Resource allocation for Ray Cluster running on Kubernetes


I am using Pytorch Lightning for training and Ray for Hyper parameter tuning (not using ray_lightning). I have a Kubernetes operator and head(m6a.2xlarge) that can spin up max 5 GPU workers(p2.8xlarge with 8 GPUs, 32 vCPUs).

Documentation says “if connected to existing cluster, you don’t specify resources.”

I don’t need to specify resources on Pytorch Lightning Trainer object too? Also, no need to set up resource_per_trial as well?

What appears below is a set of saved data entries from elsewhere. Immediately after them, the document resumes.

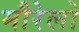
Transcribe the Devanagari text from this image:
मौरेलो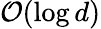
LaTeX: {\mathcal{O}}(\log d)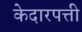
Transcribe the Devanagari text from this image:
केदारपत्ती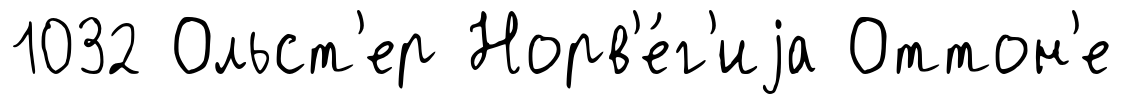
1032 Ольст'ер Норв'е́г'иjа Оттон'е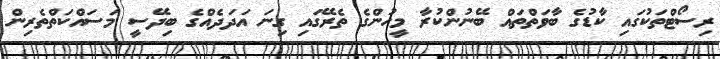
ރިސޯޓްތަކުގައި ކާޑުގެ ބާވަތްތައް ބޭނުންކުރާ މީހުންގެ ތެރޭގައި ގިނަ އަދަދެއްގެ ބިދޭސީ މަސައްކަތްތެރިން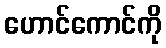
ဟောင်ကောင်ကို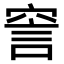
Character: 𧦱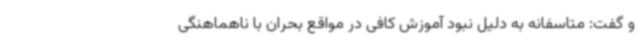
و گفت: متاسفانه به دلیل نبود آموزش کافی در مواقع بحران با ناهماهنگی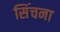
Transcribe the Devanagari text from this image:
सिंचना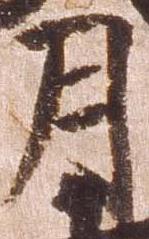
月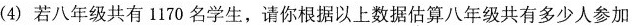
(4)若八年级共有1170名学生，请你根据以上数据估算八年级共有多少人参加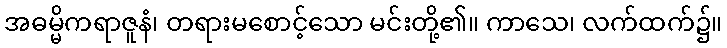
အဓမ္မိကရာဇူနံ၊ တရားမစောင့်သော မင်းတို့၏။ ကာသေ၊ လက်ထက်၌။

Currently if I do gpu = 1 in plt.Trainer(gpus=1…) and resource_per_trial = {“gpus”: 1} and Run 16 experiments, I am seeing 8 experiments on each worker. What I am expecting is, Each experiment running on its own worker and that each experiment using all GPUs to run faster.

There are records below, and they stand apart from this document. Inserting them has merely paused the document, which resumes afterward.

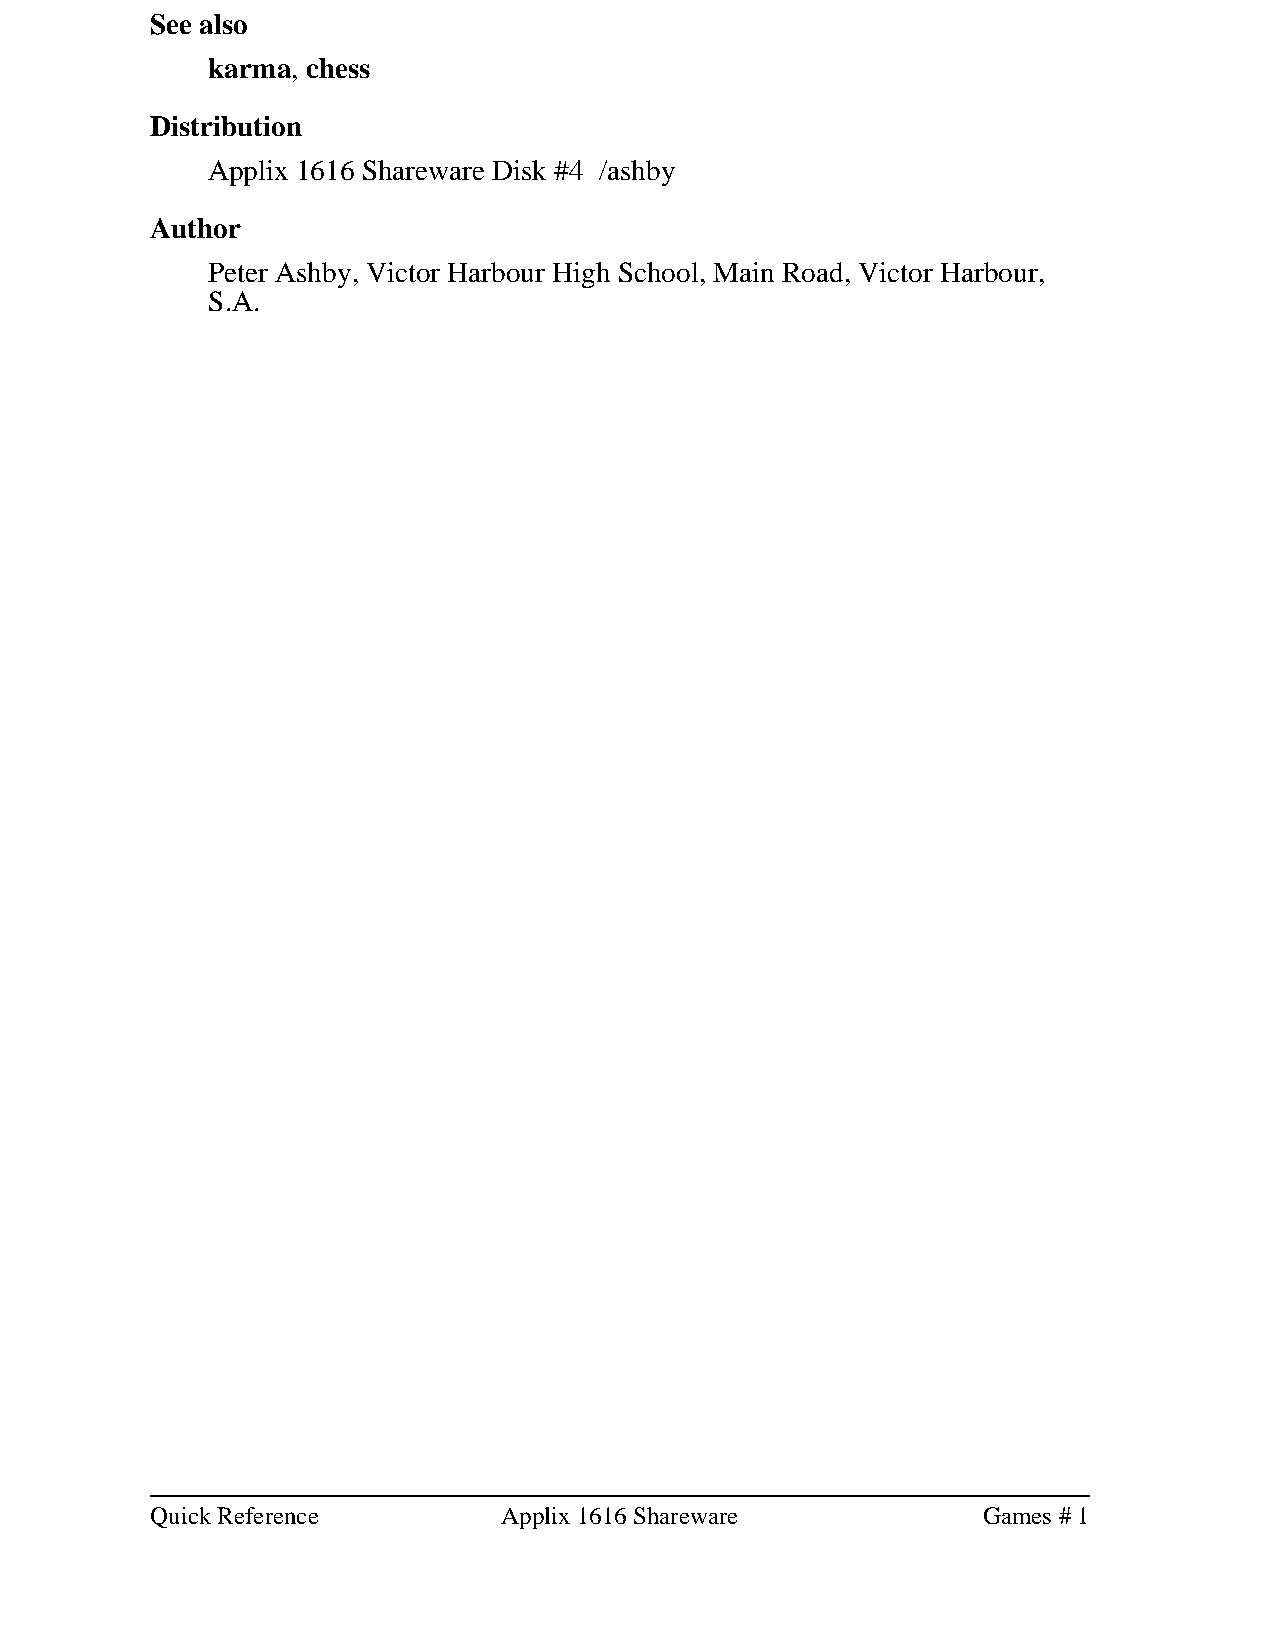
See also
 karma, chess
 Distribution
 Applix 1616 Shareware Disk #4 /ashby
 Author
 Peter Ashby, Victor Harbour High School, Main Road, Victor Harbour,
 S.A.
 Quick Reference        Applix 1616 Shareware           Games # 1

What is the best way to allocate resource? I am running Multi Layer Perceptron model using Pytorch Lightning

Also, I started using Ray Lightning to see if that helps in resource allocation efficiently

The documentation about setting up gpus on trainer is unclear

Doctoring says to setup num_gpus : ray_lightning/ at 3adb809aee8d1c6154e044902d359a456f1859ff · ray-project/ray_lightning · GitHub

While readme says
Don’t set gpus in the Trainer.
The actual number of GPUs is determined by num_workers.